■ **Exercise details**
Should an entry contain an image, leave the image out and repeat the entry's text exactly.

Extracted data entries
╔══
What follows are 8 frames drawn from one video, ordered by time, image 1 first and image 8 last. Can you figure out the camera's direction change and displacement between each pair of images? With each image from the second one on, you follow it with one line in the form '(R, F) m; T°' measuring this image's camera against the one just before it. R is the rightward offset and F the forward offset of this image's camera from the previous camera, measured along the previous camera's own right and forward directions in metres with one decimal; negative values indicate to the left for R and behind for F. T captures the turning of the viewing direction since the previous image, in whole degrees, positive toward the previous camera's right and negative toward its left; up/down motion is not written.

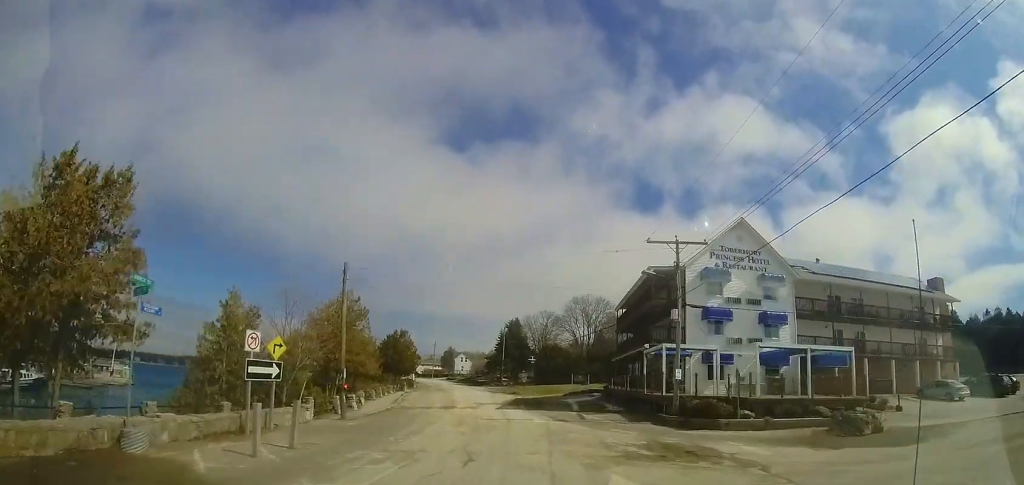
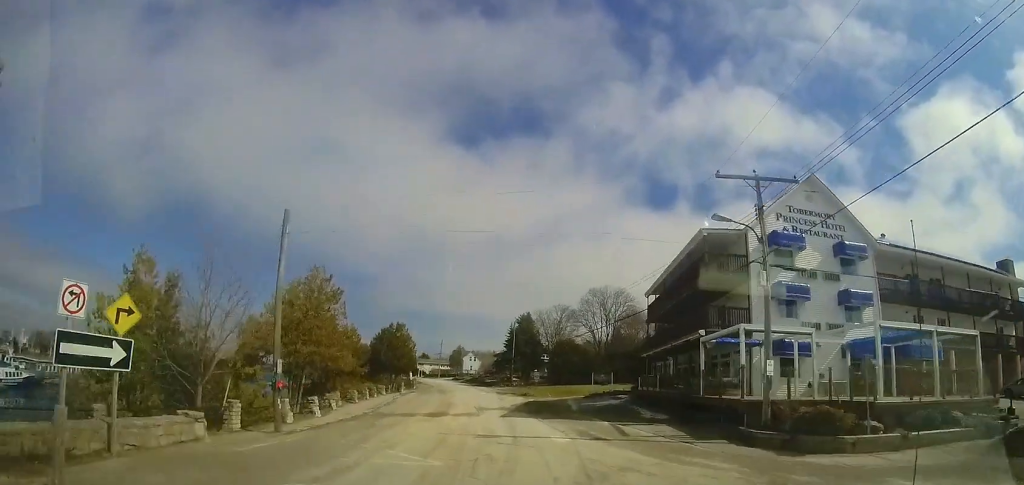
(-0.1, +6.3) m; -1°
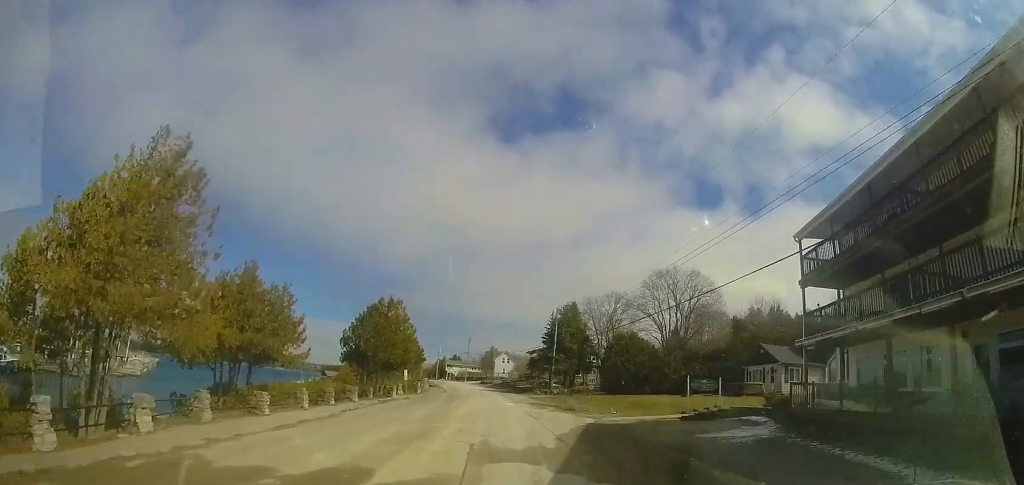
(-0.2, +14.9) m; -2°
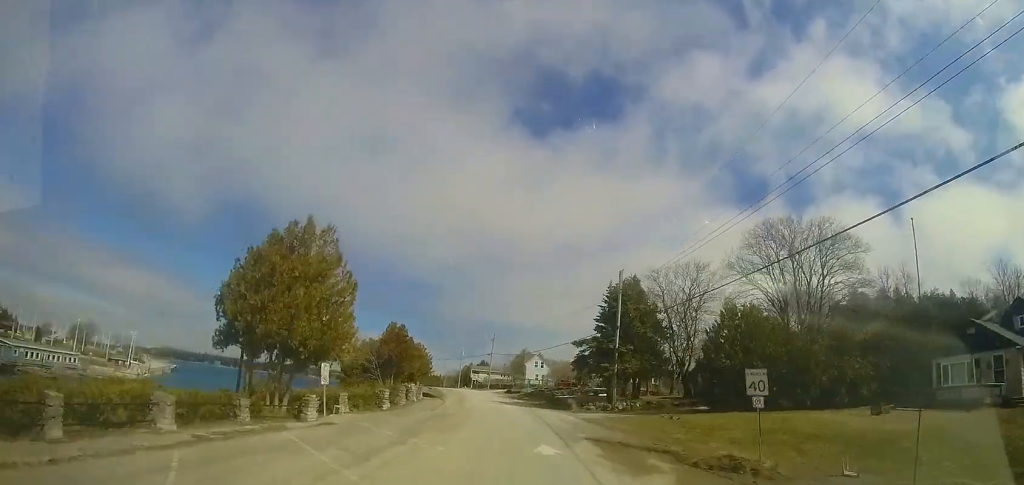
(-0.8, +16.7) m; -8°
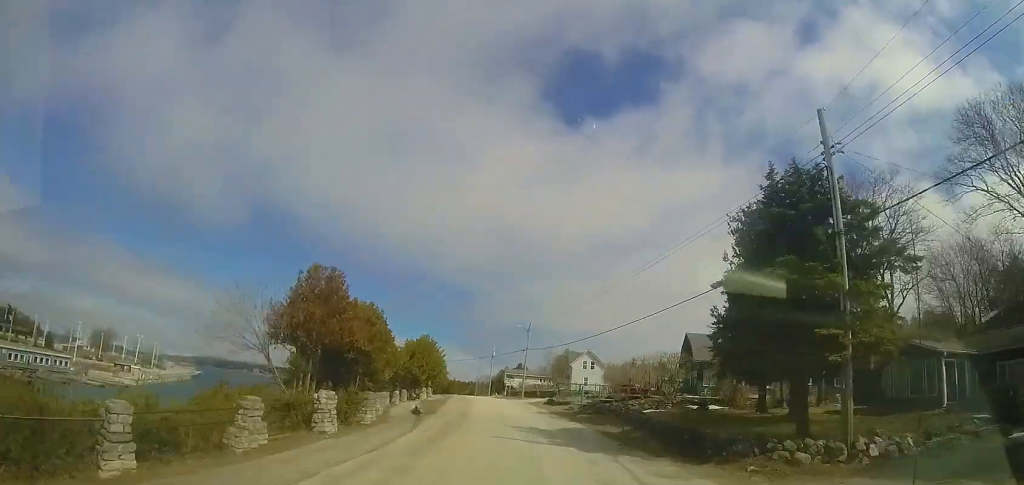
(-0.9, +17.5) m; -2°
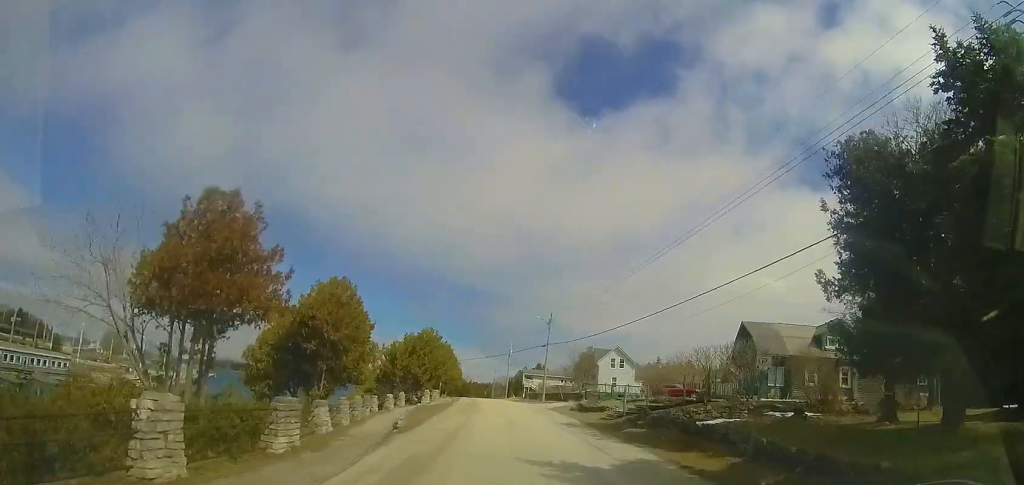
(+0.2, +7.0) m; -3°
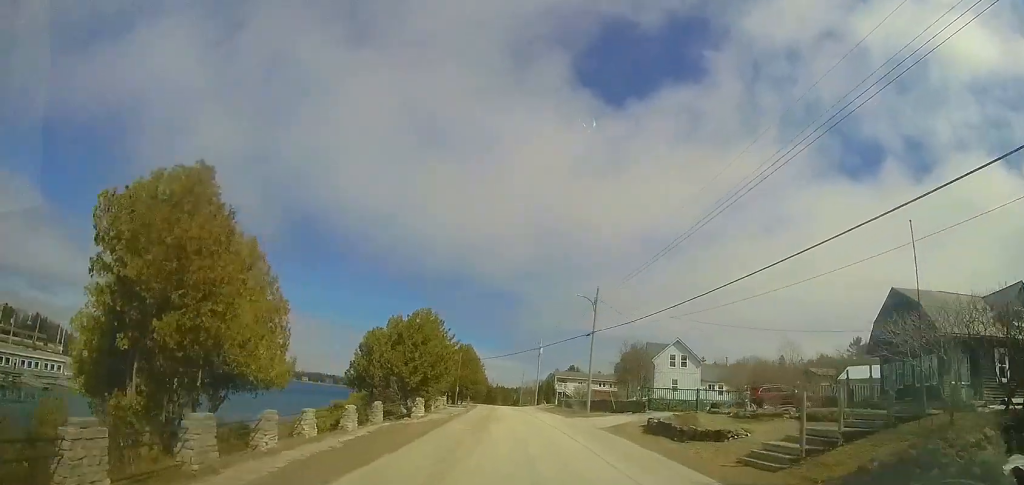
(-0.9, +11.9) m; -9°
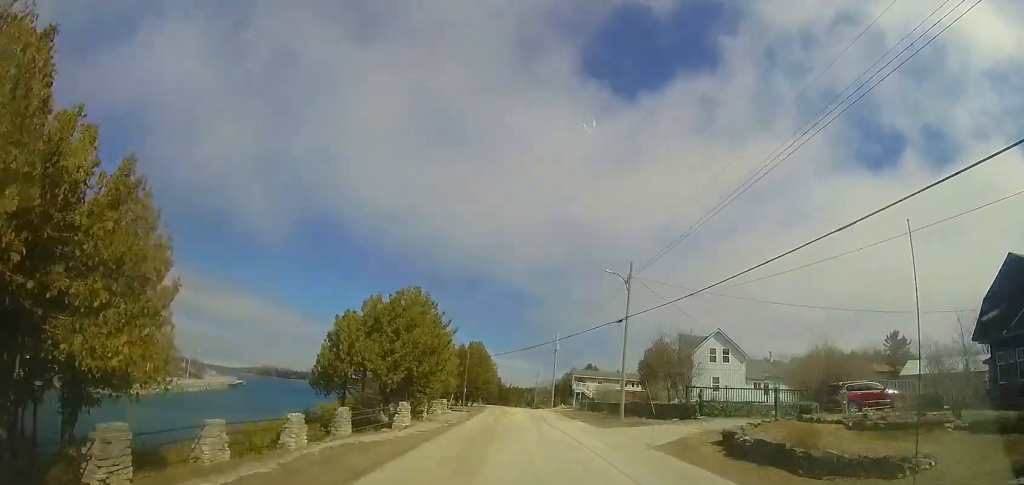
(-0.2, +6.1) m; -2°
╚══
■ **Solution to this task**
What follows are 8 frames drawn from one video, ordered by time, image 1 first and image 8 last. Can you figure out the camera's direction change and displacement between each pair of images? With each image from the second one on, you follow it with one line in the form '(R, F) m; T°' measuring this image's camera against the one just before it. R is the rightward offset and F the forward offset of this image's camera from the previous camera, measured along the previous camera's own right and forward directions in metres with one decimal; negative values indicate to the left for R and behind for F. T captures the turning of the viewing direction since the previous image, in whole degrees, positive toward the previous camera's right and negative toward its left; up/down motion is not written.

(-0.1, +6.3) m; -1°
(-0.2, +14.9) m; -2°
(-0.8, +16.7) m; -8°
(-0.9, +17.5) m; -2°
(+0.2, +7.0) m; -3°
(-0.9, +11.9) m; -9°
(-0.2, +6.1) m; -2°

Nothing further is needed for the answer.